If nudity has been common on Broadway over the past 40 years or so, it’s even more common Off-Broadway, in scores of shows ranging in quality from Edward Albee’s The Play About the Baby to amiable fluff (pardon the expression!) like Paul Rudnick’s The Most Fabulous Story Ever Told.

There has also been a subset of shows marketed specifically to gay men of a certain age, giving them the opportunity to see taut, young male bodies nude (or semi-nude) onstage. For a while, the Cute Boys in Their Underpants series played to appreciative niche audiences at the Sanford Meisner Theater. (One of the most amusingly titled entries in the series was Cute Boys in Their Underpants Go To France.)

But the long-run champ of this genre is Naked Boys Singing, which also wins the "Truth in Theater Advertising Award" hands down. However, it’s fascinating to note that, while this show’s audience was initially made up almost exclusively of gay men, word is that it now consists mostly of bachelorette parties!

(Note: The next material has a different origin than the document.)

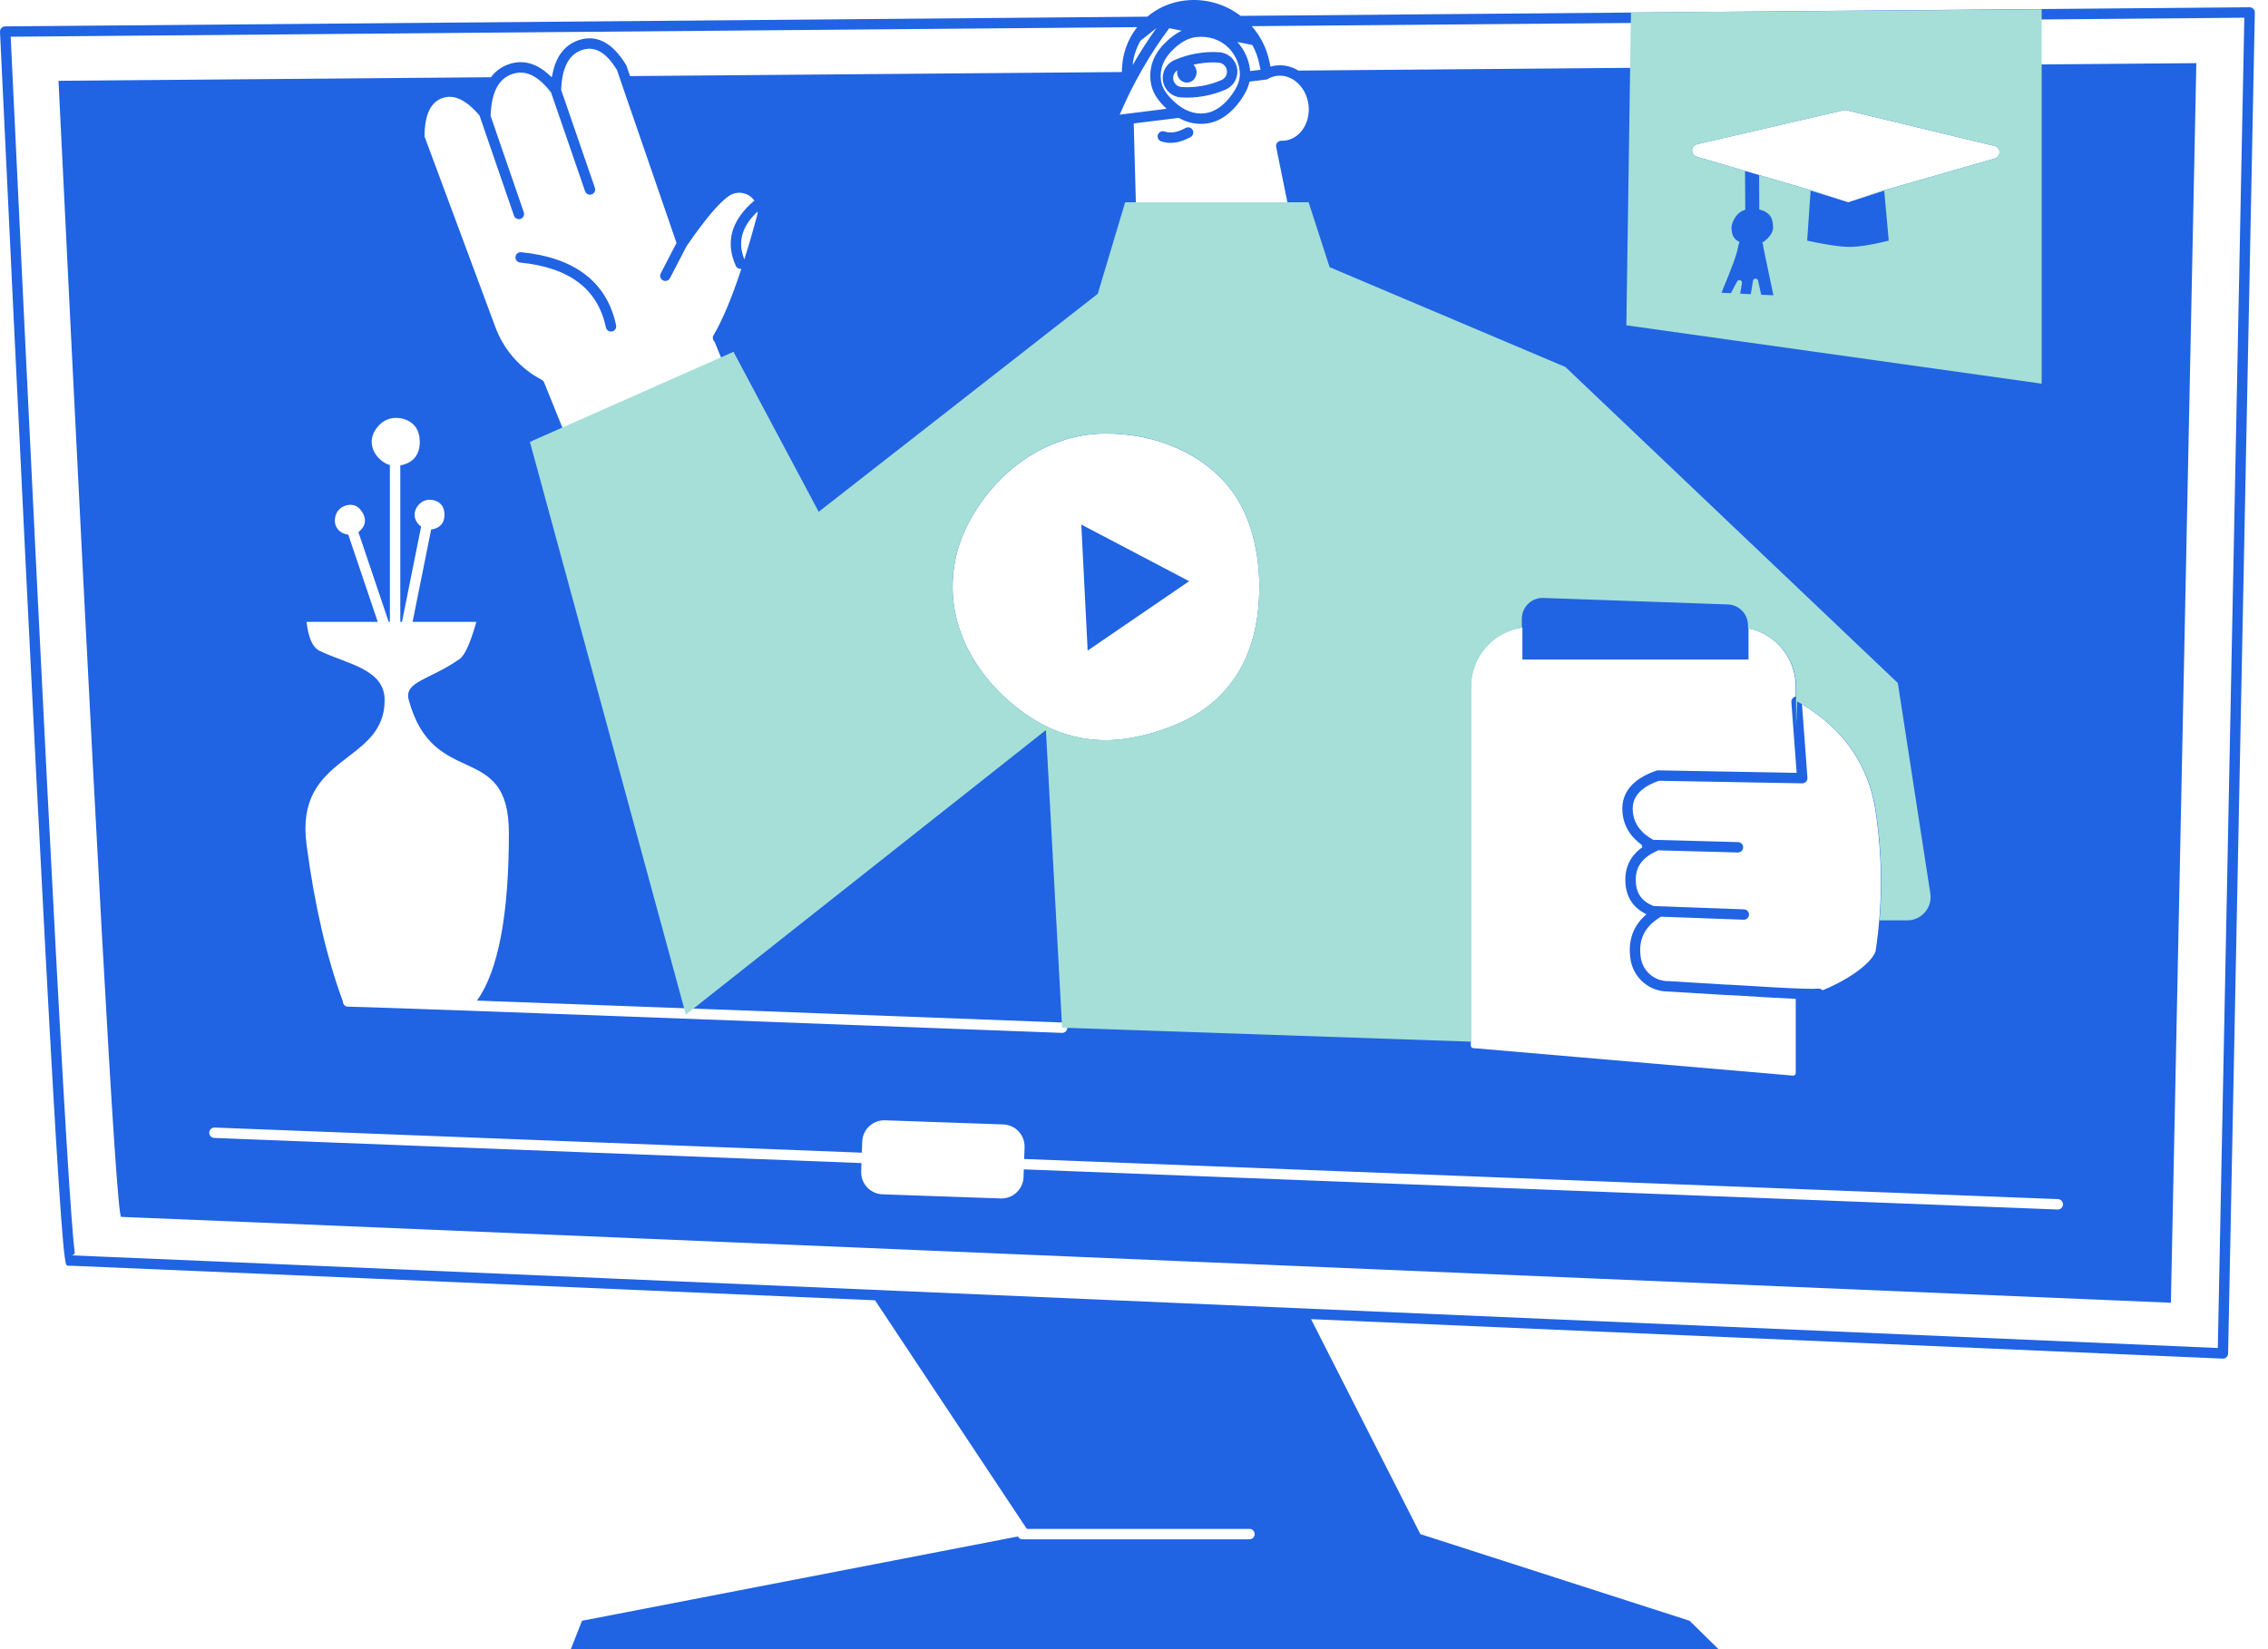 <svg width="132" height="96" viewBox="0 0 132 96" fill="none" xmlns="http://www.w3.org/2000/svg">
<path fill-rule="evenodd" clip-rule="evenodd" d="M75.567 4.108L127.829 3.676L126.348 75.834C47.098 72.502 7.332 70.836 7.05 70.836C6.768 70.836 5.553 48.792 3.405 4.704L28.574 4.496C28.837 4.141 29.182 3.887 29.611 3.739C30.47 3.443 31.298 3.699 32.074 4.467L32.127 4.467C32.307 3.356 32.818 2.635 33.667 2.343C34.719 1.98 35.66 2.492 36.441 3.786C36.452 3.804 36.461 3.824 36.468 3.844L36.669 4.429L65.298 4.193C65.285 3.213 65.616 2.301 66.185 1.58L0.621 2.138C1.741 25.827 2.619 43.607 3.254 55.477C3.573 61.437 3.831 65.907 4.027 68.886C4.125 70.374 4.208 71.49 4.275 72.232C4.304 72.547 4.329 72.794 4.352 72.972C4.342 72.91 4.342 73.075 4.131 73.075C4.434 73.075 45.779 74.86 129.079 78.469L130.622 1.031L72.852 1.523C73.358 2.096 73.724 2.805 73.886 3.603L73.942 3.878C74.043 3.849 74.146 3.828 74.251 3.815C74.722 3.757 75.177 3.87 75.567 4.108ZM72.208 0.924L130.928 0.423C131.098 0.422 131.236 0.562 131.233 0.732L129.678 78.79C129.675 78.96 129.532 79.094 129.363 79.087C109.273 78.216 91.583 77.45 76.304 76.789L82.665 89.302L98.336 94.347L100.018 96H33.222L33.874 94.347L59.24 89.441C59.291 89.538 59.392 89.604 59.509 89.604H72.722C72.889 89.604 73.024 89.469 73.024 89.302C73.024 89.135 72.889 88.999 72.722 88.999H59.762L50.928 75.692C19.974 74.353 4.306 73.68 4.131 73.68C3.833 73.68 3.849 73.744 3.764 73.14C3.737 72.948 3.707 72.664 3.672 72.287C3.604 71.539 3.521 70.419 3.423 68.926C3.227 65.944 2.969 61.472 2.65 55.509C2.012 43.585 1.129 25.7 0 1.853C-0.007 1.681 0.129 1.537 0.301 1.536L66.776 0.97C67.37 0.471 68.109 0.135 68.93 0.034C70.14 -0.115 71.304 0.233 72.208 0.924ZM104.513 40.55V39.972C104.513 38.301 103.336 36.906 101.766 36.57V38.394H88.605V36.525C86.909 36.758 85.603 38.212 85.603 39.972V60.86C85.603 60.939 85.663 61.004 85.742 61.011L104.349 62.613C104.353 62.614 104.357 62.614 104.362 62.614C104.445 62.614 104.513 62.546 104.513 62.462V58.142C104.136 58.127 103.689 58.104 103.172 58.075C103.05 58.068 102.923 58.061 102.792 58.053C102.412 58.031 101.263 57.961 101.229 57.959C100.752 57.93 100.497 57.917 100.439 57.92C100.429 57.92 100.419 57.92 100.41 57.919L97.095 57.717C96.035 57.726 95.119 56.978 94.915 55.938C94.882 55.771 94.863 55.597 94.857 55.413C94.827 54.528 95.156 53.79 95.828 53.22C95.037 52.845 94.615 52.186 94.596 51.272C94.578 50.45 94.916 49.794 95.587 49.321C95.564 49.279 95.552 49.232 95.552 49.181C94.859 48.684 94.477 48.031 94.425 47.231C94.355 46.129 95.042 45.329 96.403 44.86C96.437 44.848 96.472 44.843 96.508 44.843L104.566 44.988L104.26 40.871C104.248 40.713 104.36 40.575 104.513 40.55ZM106.073 57.647C107.286 57.164 108.86 56.202 109.159 55.379C109.574 52.668 109.573 49.938 109.155 47.188C108.753 44.542 107.327 42.476 104.876 40.991L105.195 45.274C105.208 45.452 105.065 45.602 104.887 45.599L96.551 45.449C95.46 45.838 94.979 46.409 95.029 47.192C95.075 47.906 95.46 48.465 96.216 48.887L101.158 49.019C101.325 49.024 101.456 49.163 101.452 49.33C101.447 49.497 101.308 49.629 101.141 49.624L96.493 49.499C96.472 49.517 96.447 49.533 96.419 49.545C95.575 49.922 95.184 50.48 95.201 51.259C95.216 51.993 95.551 52.475 96.246 52.742C96.254 52.741 96.263 52.741 96.271 52.742L101.503 52.934C101.67 52.94 101.8 53.08 101.794 53.247C101.788 53.414 101.648 53.545 101.481 53.538L96.666 53.361C96.654 53.371 96.641 53.381 96.627 53.389C95.811 53.884 95.433 54.541 95.462 55.393C95.467 55.545 95.483 55.687 95.509 55.821C95.657 56.579 96.326 57.122 97.098 57.112C97.106 57.112 97.114 57.112 97.121 57.112L100.434 57.314C100.534 57.313 100.778 57.326 101.265 57.355C101.3 57.357 102.449 57.427 102.827 57.449C102.958 57.457 103.084 57.464 103.206 57.471C104.614 57.55 105.52 57.58 105.813 57.547C105.914 57.536 106.01 57.576 106.073 57.647ZM4.352 72.972C4.354 72.985 4.357 73.01 4.362 73.05C4.359 73.025 4.355 72.999 4.352 72.972ZM50.16 67.099L12.493 65.636C12.326 65.629 12.186 65.76 12.178 65.927C12.173 66.094 12.303 66.234 12.47 66.241L50.139 67.704L50.122 68.193C50.097 68.903 50.652 69.498 51.362 69.523L58.241 69.763C58.95 69.788 59.546 69.233 59.571 68.523L59.586 68.07L119.752 70.407C119.919 70.414 120.06 70.284 120.067 70.117C120.073 69.95 119.942 69.809 119.776 69.802L59.608 67.466L59.631 66.784C59.656 66.075 59.101 65.479 58.391 65.455L51.512 65.214C50.803 65.19 50.207 65.745 50.182 66.454L50.16 67.099ZM27.763 58.246C29 56.509 29.618 53.257 29.618 48.49C29.618 43.05 25.232 46.024 23.792 40.757C23.494 39.666 24.983 39.594 26.743 38.368C27.05 38.155 27.377 37.432 27.726 36.2H24.013L25.093 30.824C25.24 30.806 25.403 30.75 25.511 30.683C25.761 30.531 25.869 30.274 25.869 29.96C25.869 29.765 25.822 29.56 25.713 29.415C25.555 29.203 25.285 29.09 25 29.09C24.716 29.09 24.472 29.241 24.313 29.451C24.203 29.596 24.13 29.763 24.13 29.96C24.13 30.222 24.267 30.449 24.45 30.609C24.47 30.626 24.489 30.642 24.509 30.657L23.396 36.2H23.298V27.095C23.501 27.055 23.709 26.977 23.856 26.888C24.258 26.642 24.432 26.23 24.432 25.724C24.432 25.41 24.356 25.081 24.181 24.847C23.926 24.506 23.491 24.325 23.033 24.325C22.578 24.325 22.185 24.568 21.929 24.905C21.751 25.139 21.634 25.407 21.634 25.724C21.634 26.146 21.855 26.511 22.149 26.768C22.311 26.908 22.489 27.018 22.692 27.076V36.2H22.623L20.86 30.975C20.978 30.886 21.091 30.756 21.152 30.645C21.292 30.388 21.258 30.112 21.101 29.839C21.003 29.67 20.86 29.517 20.693 29.445C20.45 29.341 20.159 29.378 19.913 29.521C19.667 29.663 19.531 29.915 19.498 30.176C19.476 30.358 19.495 30.538 19.594 30.709C19.725 30.936 19.958 31.064 20.196 31.111C20.221 31.116 20.246 31.12 20.271 31.123L21.985 36.2H17.842C17.946 37.128 18.198 37.689 18.598 37.884C20.203 38.664 22.387 38.937 22.387 40.757C22.387 44.508 17.134 43.852 17.842 49.177C18.313 52.722 19.017 55.759 19.954 58.286C19.954 58.29 19.954 58.294 19.954 58.298C19.954 58.465 20.09 58.601 20.257 58.601C21.168 58.601 35.043 59.11 61.804 60.126C61.971 60.132 62.111 60.002 62.118 59.835C62.124 59.668 61.994 59.527 61.827 59.521C45.893 58.916 34.544 58.492 27.763 58.246ZM43.904 11.676C43.582 11.217 42.954 11.082 42.47 11.379C41.925 11.715 41.078 12.702 39.962 14.323L38.993 16.191C38.916 16.34 38.734 16.398 38.585 16.321C38.437 16.244 38.379 16.061 38.456 15.913L39.374 14.143L35.906 4.072C35.263 3.018 34.598 2.662 33.864 2.915C33.112 3.173 32.706 3.923 32.661 5.234L34.623 10.933C34.678 11.091 34.594 11.263 34.436 11.317C34.278 11.371 34.106 11.288 34.051 11.13L32.073 5.385C31.307 4.386 30.565 4.051 29.808 4.311C29.031 4.579 28.61 5.346 28.558 6.683C28.557 6.702 28.555 6.72 28.551 6.737L30.486 12.357C30.541 12.515 30.457 12.687 30.299 12.742C30.141 12.796 29.969 12.712 29.914 12.554L27.92 6.761C27.916 6.75 27.913 6.739 27.91 6.728C27.128 5.797 26.416 5.479 25.753 5.707C25.07 5.943 24.713 6.663 24.707 7.943L28.836 19.054C29.328 20.377 30.29 21.462 31.529 22.111C31.593 22.145 31.642 22.199 31.669 22.266L32.905 25.322L42.64 22.462L41.591 19.895C41.489 19.805 41.448 19.648 41.529 19.512C42.049 18.636 42.589 17.347 43.148 15.648C43.016 15.669 42.882 15.601 42.824 15.473C42.197 14.085 42.573 12.798 43.904 11.676ZM44.097 12.311C43.163 13.179 42.917 14.095 43.323 15.102C43.566 14.333 43.811 13.489 44.06 12.568C44.083 12.484 44.096 12.397 44.097 12.311ZM35.265 19.06C34.789 16.821 33.15 15.57 30.274 15.284C30.108 15.267 29.986 15.119 30.003 14.953C30.019 14.787 30.168 14.665 30.334 14.682C33.456 14.992 35.322 16.417 35.857 18.934C35.892 19.098 35.788 19.259 35.624 19.293C35.461 19.328 35.3 19.224 35.265 19.06ZM64.369 43.089C66.072 43.089 68.263 42.414 69.617 41.586C72.181 40.018 73.294 37.39 73.294 34.164C73.294 32.159 72.807 30.059 71.692 28.569C70.064 26.395 67.294 25.238 64.369 25.238C61.464 25.238 58.959 26.787 57.329 28.935C56.193 30.433 55.444 32.139 55.444 34.164C55.444 36.851 56.856 39.184 58.735 40.821C60.302 42.186 62.127 43.089 64.369 43.089ZM62.932 30.533L69.21 33.832L63.303 37.87L62.932 30.533ZM105.42 11.08L107.573 11.775L109.643 11.08L116.105 9.226C116.236 9.188 116.337 9.083 116.368 8.951C116.417 8.748 116.292 8.544 116.089 8.495C113.188 7.796 110.288 7.097 107.387 6.399C104.516 7.063 101.645 7.728 98.775 8.393C98.642 8.424 98.536 8.524 98.497 8.655C98.438 8.855 98.553 9.065 98.754 9.124L105.42 11.08ZM72.76 4.136L73.362 4.062L73.293 3.724C73.213 3.327 73.074 2.956 72.888 2.619L72.013 2.442C72.407 2.872 72.677 3.441 72.749 4.023C72.753 4.061 72.757 4.099 72.76 4.136ZM72.722 4.75C72.645 5.115 72.468 5.465 72.191 5.853C71.658 6.6 70.988 7.097 70.204 7.193C69.635 7.263 69.101 7.143 68.605 6.863L65.984 7.185L66.124 12.372C67.497 12.742 69 12.828 70.634 12.627C72.256 12.428 73.7 12.209 74.967 11.969L74.274 8.556C74.236 8.365 74.385 8.188 74.579 8.193C74.648 8.195 74.718 8.192 74.787 8.184C75.661 8.076 76.284 7.152 76.156 6.103C76.027 5.054 75.198 4.308 74.324 4.416C74.16 4.436 74.003 4.485 73.856 4.56C73.851 4.563 73.846 4.566 73.84 4.568C73.798 4.602 73.746 4.625 73.689 4.632L72.722 4.75ZM65.919 3.797C66.348 3.044 66.811 2.323 67.307 1.634L66.378 2.37C66.129 2.799 65.969 3.284 65.919 3.797ZM68.516 4.096C68.38 4.186 68.291 4.335 68.279 4.501C68.259 4.793 68.479 5.046 68.771 5.066C69.159 5.093 69.554 5.071 69.958 5C70.362 4.929 70.741 4.814 71.096 4.656C71.275 4.577 71.395 4.405 71.409 4.209C71.429 3.917 71.209 3.664 70.918 3.644C70.529 3.617 70.134 3.639 69.731 3.71C69.639 3.726 69.549 3.745 69.46 3.765C69.565 3.868 69.633 4.013 69.642 4.175C69.659 4.508 69.419 4.791 69.106 4.807C68.794 4.823 68.526 4.567 68.508 4.235C68.506 4.187 68.509 4.141 68.516 4.096ZM67.897 6.333C67.352 5.821 67.042 5.337 66.968 4.733C66.862 3.875 67.174 3.113 67.828 2.476C68.132 2.179 68.445 1.945 68.771 1.786L68.053 1.641C66.92 3.152 65.958 4.83 65.167 6.675L67.897 6.333ZM70.13 6.593C70.719 6.52 71.255 6.123 71.699 5.502C72.071 4.979 72.208 4.588 72.148 4.097C72.09 3.623 71.859 3.151 71.528 2.808C71.041 2.306 70.344 2.07 69.586 2.163C69.13 2.219 68.691 2.48 68.25 2.909C67.725 3.421 67.487 4.001 67.568 4.659C67.623 5.107 67.871 5.486 68.344 5.922C68.896 6.432 69.489 6.671 70.13 6.593ZM70.063 5.596C69.612 5.675 69.167 5.7 68.729 5.67C68.104 5.626 67.632 5.084 67.676 4.459C67.705 4.04 67.963 3.672 68.347 3.501C68.748 3.323 69.174 3.194 69.625 3.114C70.077 3.035 70.522 3.01 70.96 3.041C71.585 3.084 72.056 3.626 72.013 4.251C71.983 4.67 71.725 5.038 71.342 5.209C70.941 5.387 70.514 5.516 70.063 5.596ZM67.579 8.227C67.421 8.173 67.337 8.001 67.391 7.843C67.445 7.685 67.618 7.601 67.776 7.655C68.122 7.774 68.526 7.711 69.002 7.449C69.148 7.368 69.332 7.421 69.413 7.567C69.494 7.714 69.441 7.898 69.294 7.979C68.679 8.318 68.103 8.407 67.579 8.227Z" fill="#2063E3"/>
<path fill-rule="evenodd" clip-rule="evenodd" d="M101.564 9.949L101.576 12.21C101.342 12.279 101.158 12.412 101.018 12.615C100.899 12.787 100.772 13.047 100.776 13.264C100.784 13.726 100.937 13.939 101.244 14.087C101.205 14.168 101.175 14.272 101.153 14.402C101.088 14.793 100.767 15.672 100.191 17.041L100.736 17.068L101.101 16.384C101.14 16.31 101.232 16.282 101.306 16.321C101.363 16.352 101.394 16.416 101.384 16.48L101.281 17.095L101.896 17.125L102.026 16.345C102.04 16.262 102.118 16.207 102.201 16.221C102.261 16.231 102.31 16.277 102.323 16.337C102.383 16.61 102.443 16.883 102.503 17.155C102.503 17.155 102.739 17.167 103.213 17.19L102.645 14.476C102.635 14.335 102.607 14.217 102.562 14.12C102.658 14.067 102.739 14.007 102.8 13.949C103.013 13.748 103.201 13.521 103.196 13.222C103.192 13.009 103.153 12.745 103.032 12.579C102.887 12.38 102.657 12.255 102.393 12.196L102.383 10.189L105.42 11.08L107.573 11.775L109.643 11.08L116.105 9.226C116.236 9.188 116.337 9.083 116.368 8.951C116.417 8.748 116.292 8.544 116.089 8.495C113.189 7.796 110.288 7.097 107.387 6.399C104.516 7.063 101.645 7.728 98.775 8.393C98.642 8.424 98.536 8.524 98.497 8.655C98.438 8.855 98.553 9.065 98.754 9.124L101.564 9.949ZM101.734 36.569V36.396C101.734 35.744 101.218 35.209 100.567 35.186L89.826 34.807C89.158 34.784 88.598 35.306 88.574 35.974C88.573 35.988 88.573 36.002 88.573 36.017V36.543C86.903 36.798 85.623 38.24 85.623 39.982V60.637L61.815 59.823L60.873 42.499L39.917 59.061L30.841 25.724L42.69 20.478L47.649 29.792L63.891 17.102L65.484 11.775H76.163L77.385 15.552L91.107 21.362L110.456 39.759L112.347 52.007C112.462 52.75 111.953 53.446 111.209 53.56C111.141 53.571 111.071 53.576 111.002 53.576H109.394C109.573 51.462 109.5 49.336 109.175 47.198C108.757 44.448 107.233 42.325 104.602 40.829L104.533 42.306V39.982C104.533 38.293 103.33 36.886 101.734 36.569ZM94.923 0.726L118.828 0.539V22.334L94.655 18.937L94.923 0.726ZM64.369 43.083C66.072 43.083 68.263 42.408 69.617 41.581C72.181 40.013 73.294 37.384 73.294 34.158C73.294 32.153 72.808 30.053 71.692 28.563C70.064 26.39 67.294 25.233 64.369 25.233C61.464 25.233 58.959 26.781 57.329 28.93C56.193 30.427 55.444 32.133 55.444 34.158C55.444 36.845 56.856 39.179 58.735 40.815C60.303 42.18 62.127 43.083 64.369 43.083ZM105.378 11.101L105.179 14.009C106.231 14.238 107.03 14.359 107.573 14.37C108.117 14.382 108.901 14.262 109.926 14.009L109.664 11.101L107.573 11.775L105.378 11.101Z" fill="#A5DFD8"/>
</svg>

The cast of Naked Boys Singing

Nudity can be and has been used to sell the most unlikely of shows. Just recently, New York theatergoers were treated to “a daring, completely nude interpretation of Walt Whitman's epic Leaves of Grass" at The Cell on West 23rd Street. Conceived and directed by Jeremy Bloom, the show featured “a chorus of 25 diverse and fully nude performers.”

In a press release, Bloom insisted that “staging nudity in the context of Whitman's text is the most honest approach,” because "each succeeding line, passage, and turn of phrase celebrates the bare human form as an intersection of nature and industry." A more cynical observer might put it this way: If you want to have a prayer of selling tickets to a poetry reading, you’d damn well better make sure that all of the actors are naked.

Just how much of a positive effect can male nudity have on the financial success of an off-the-radar show when word gets out? Consider Ascension, a play that ran Off-Off-Broadway in 2006.

Brandon Ruckdashel in Ascension

The three-character, low-budget production was scheduled to play for three weeks, but the run was extended and the ticket price tripled when Anita Gates reviewed it for The New York Times. Though she praised the show in general, it was almost certainly her commentary on the nudity of 23-year-old star Brandon Ruckdashel – who, in her estimation, possesses "the intense blond good looks of a young Brad Pitt with a soupçon of James Dean" – that caused all that commotion at the box office.